■ What you are asked to do
Print exactly the lines that run from the one containing "21 pictures, one every 0.2 s." to the final line of the data, both included, and print none of the pictures.

Data excerpts:

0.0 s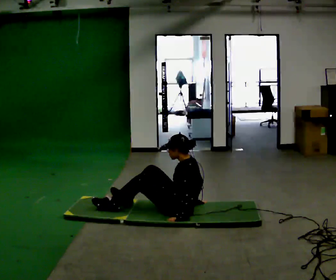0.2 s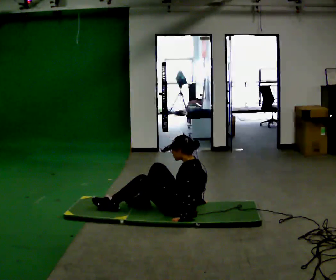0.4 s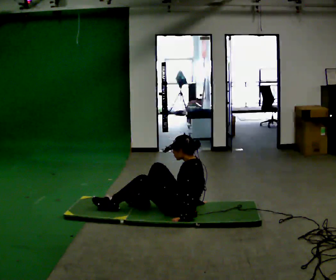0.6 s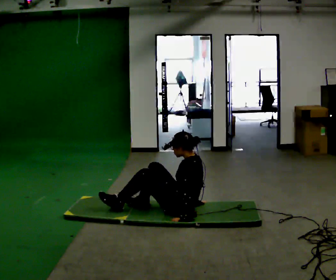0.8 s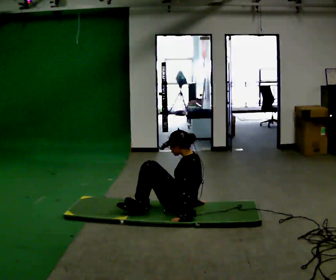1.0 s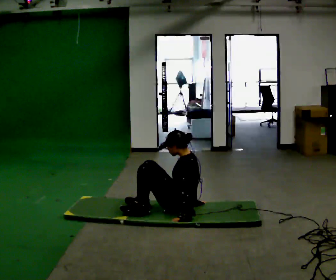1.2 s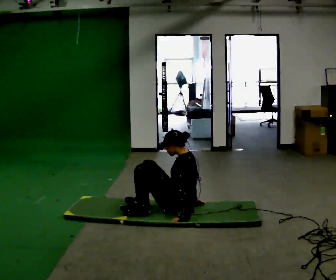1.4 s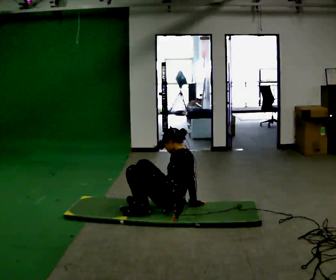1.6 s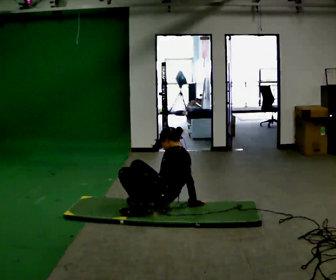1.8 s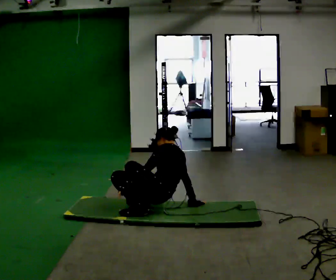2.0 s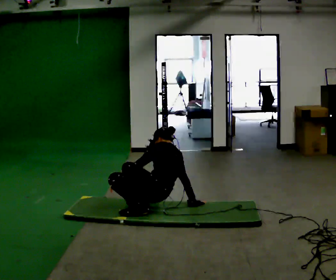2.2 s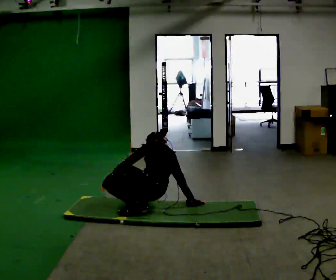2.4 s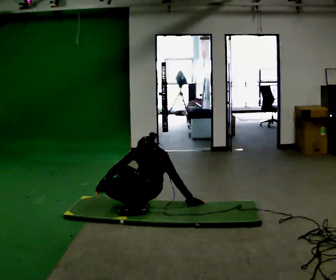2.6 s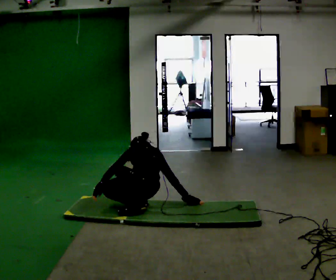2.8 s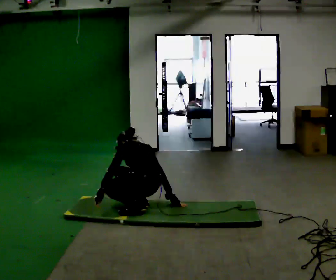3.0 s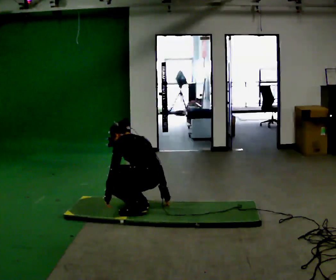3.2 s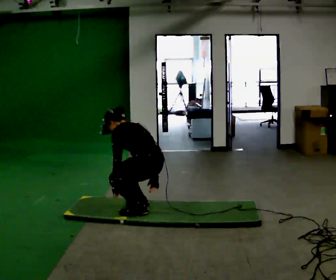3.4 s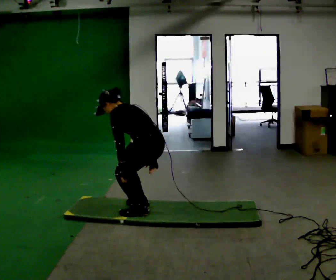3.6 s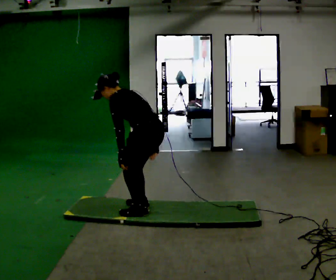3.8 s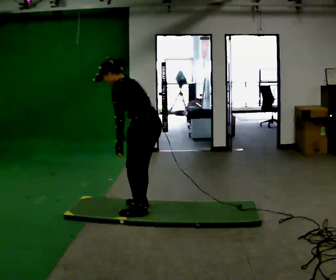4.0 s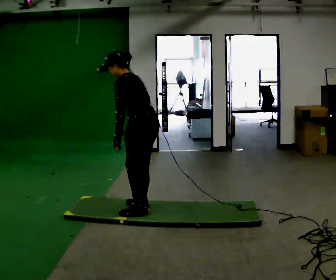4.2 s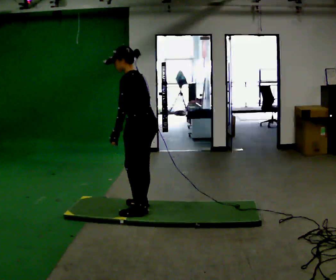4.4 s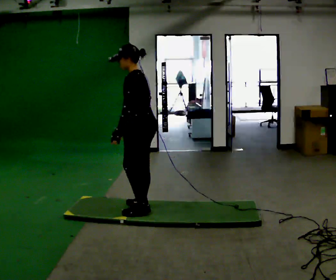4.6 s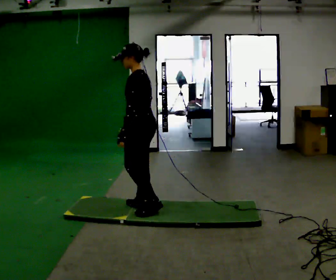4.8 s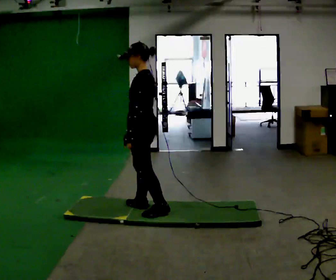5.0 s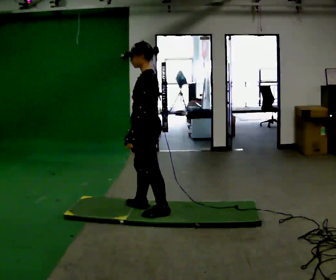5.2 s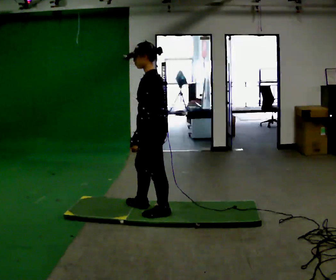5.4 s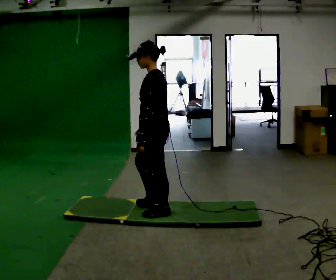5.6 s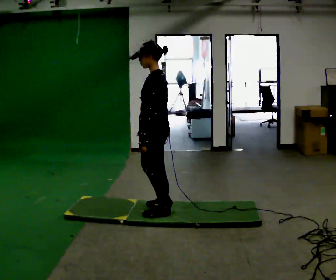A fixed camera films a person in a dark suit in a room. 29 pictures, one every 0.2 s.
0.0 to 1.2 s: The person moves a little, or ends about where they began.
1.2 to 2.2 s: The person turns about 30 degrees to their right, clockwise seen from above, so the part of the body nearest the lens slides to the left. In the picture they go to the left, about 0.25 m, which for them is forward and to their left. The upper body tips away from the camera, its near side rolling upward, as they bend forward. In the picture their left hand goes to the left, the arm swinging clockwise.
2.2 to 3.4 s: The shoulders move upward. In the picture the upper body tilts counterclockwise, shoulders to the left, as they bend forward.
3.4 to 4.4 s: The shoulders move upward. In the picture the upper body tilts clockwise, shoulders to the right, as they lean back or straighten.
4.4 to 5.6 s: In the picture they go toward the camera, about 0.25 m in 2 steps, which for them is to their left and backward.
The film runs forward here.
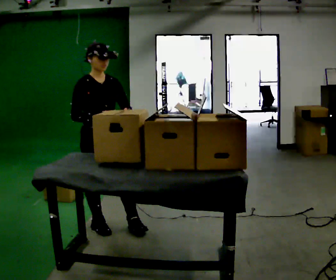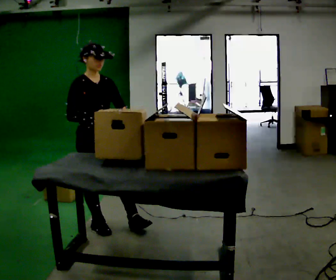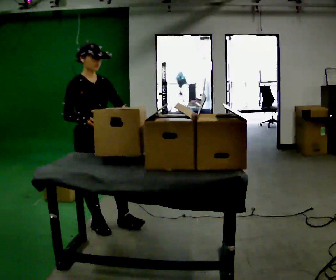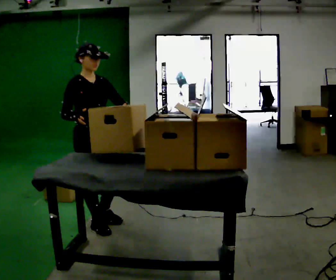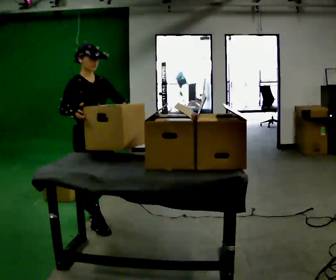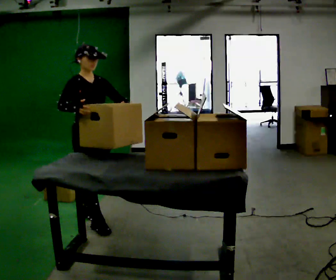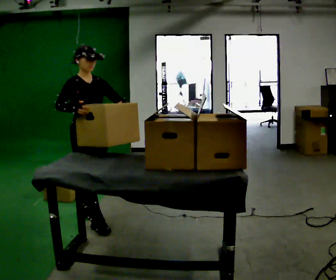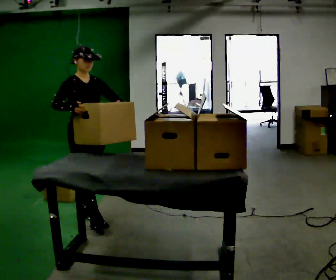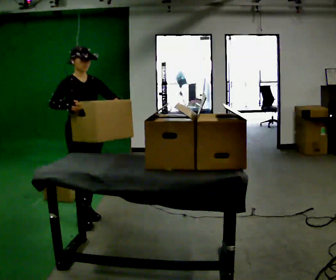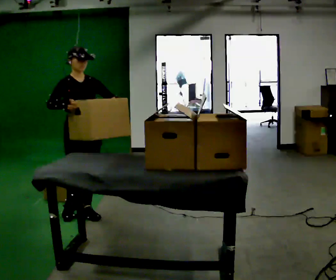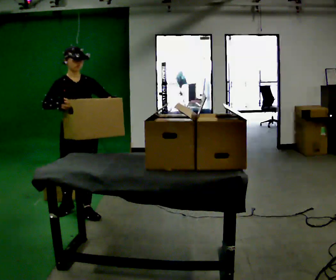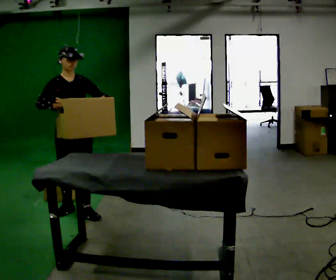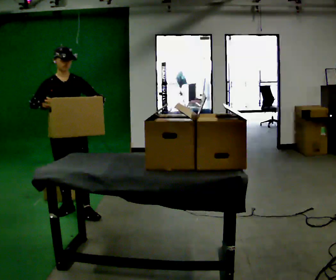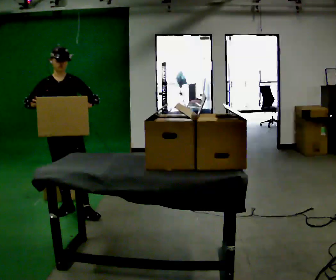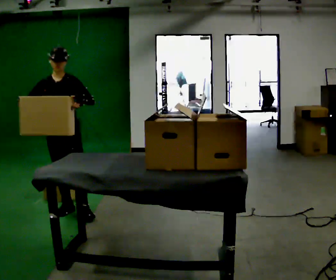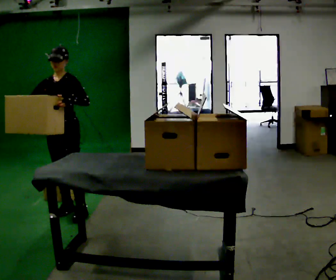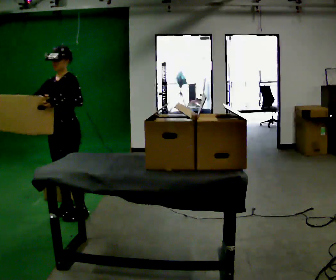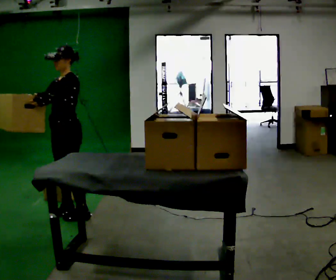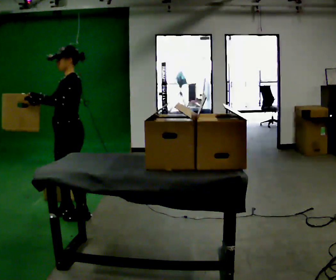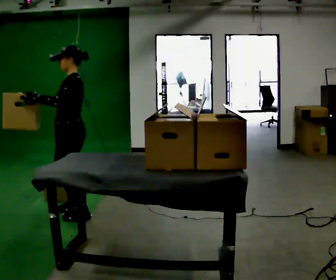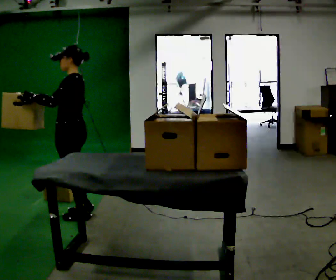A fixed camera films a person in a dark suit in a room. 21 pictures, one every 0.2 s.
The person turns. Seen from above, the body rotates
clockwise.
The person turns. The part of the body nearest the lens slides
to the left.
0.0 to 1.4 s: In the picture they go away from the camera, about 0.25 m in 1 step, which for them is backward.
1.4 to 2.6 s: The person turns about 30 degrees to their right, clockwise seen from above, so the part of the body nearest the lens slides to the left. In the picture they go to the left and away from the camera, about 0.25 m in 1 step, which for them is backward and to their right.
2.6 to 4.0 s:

■ Task response
A fixed camera films a person in a dark suit in a room. 21 pictures, one every 0.2 s.
The person turns. Seen from above, the body rotates
clockwise.
The person turns. The part of the body nearest the lens slides
to the left.
0.0 to 1.4 s: In the picture they go away from the camera, about 0.25 m in 1 step, which for them is backward.
1.4 to 2.6 s: The person turns about 30 degrees to their right, clockwise seen from above, so the part of the body nearest the lens slides to the left. In the picture they go to the left and away from the camera, about 0.25 m in 1 step, which for them is backward and to their right.
2.6 to 4.0 s:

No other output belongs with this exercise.